Mariusz Rumak (Lech Poznań): - Jak szedłem do sali konferencyjnej w głowie miałem jedno: “Nie oceniaj sędziów” i nie zrobię tego. Chodzi mi o sytuację bramkową. Wiedziałem przed meczem, że w drugiej połowie będziemy mieli sytuacje na zdobycie gola. Jeśli na Legii się nie wykorzystuje takich sytuacji, to trudno wygrać. Nie ustrzegliśmy się błędów. Na pewno ta przegrają boli, tym bardziej, że było wiele osób z Poznania. Jest w nas sportowa złość i szykujemy się do kolejnych meczów. Mój zespół stać na wiele, jeśli możemy stworzyć sytuacje na Łazienkowskiej, to nie jest przypadek. Będziemy grali do końca o najwyższe cele, pomimo dużej straty. Do końca zostało 9 spotkań i wiele się może zdarzyć. Najważniejsze jest to, żeby być skutecznym i zdobywać punkty.

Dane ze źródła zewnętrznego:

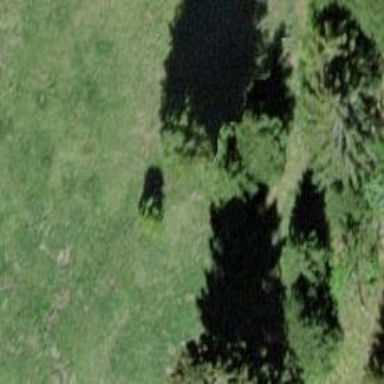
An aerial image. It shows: Needle-leaved tree in nature.
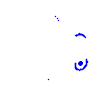
Particle: electron

Henning Berg (Legia Warszawa): - Po tym meczu jestem bardzo szczęśliwy. To było dla nas ważne spotkanie. Graliśmy u siebie przy wspanialej atmosferze i chcieliśmy zagrać dobry mecz. W pierwszej połowie graliśmy dobrze w defensywie i ofensywie, kontrolowaliśmy przebieg meczu. Mogliśmy zdobyć jednak więcej goli. W drugiej połowie zaczęliśmy się bronić, dobrze wyglądało to w polu karnym, ale poza nim gorzej. Cieszę się, że uniknęliśmy straty gola. Potrafimy grać jednak lepiej. Kwestia mistrzostwa nie jest jeszcze rozstrzygnięta. Czeka nas wiele meczów i dużo pracy.
Nie widziałem czy Kamiński był faulowany w polu karnym, z mojej perspektywy nie było tego widać, ale nie widziałem powtórki. Skupiałem się na piłce, a nie walce zawodników. Ostatnio jednak mogliśmy narzekać na pracę sędziów, więc może tym razem mogliśmy coś zyskać.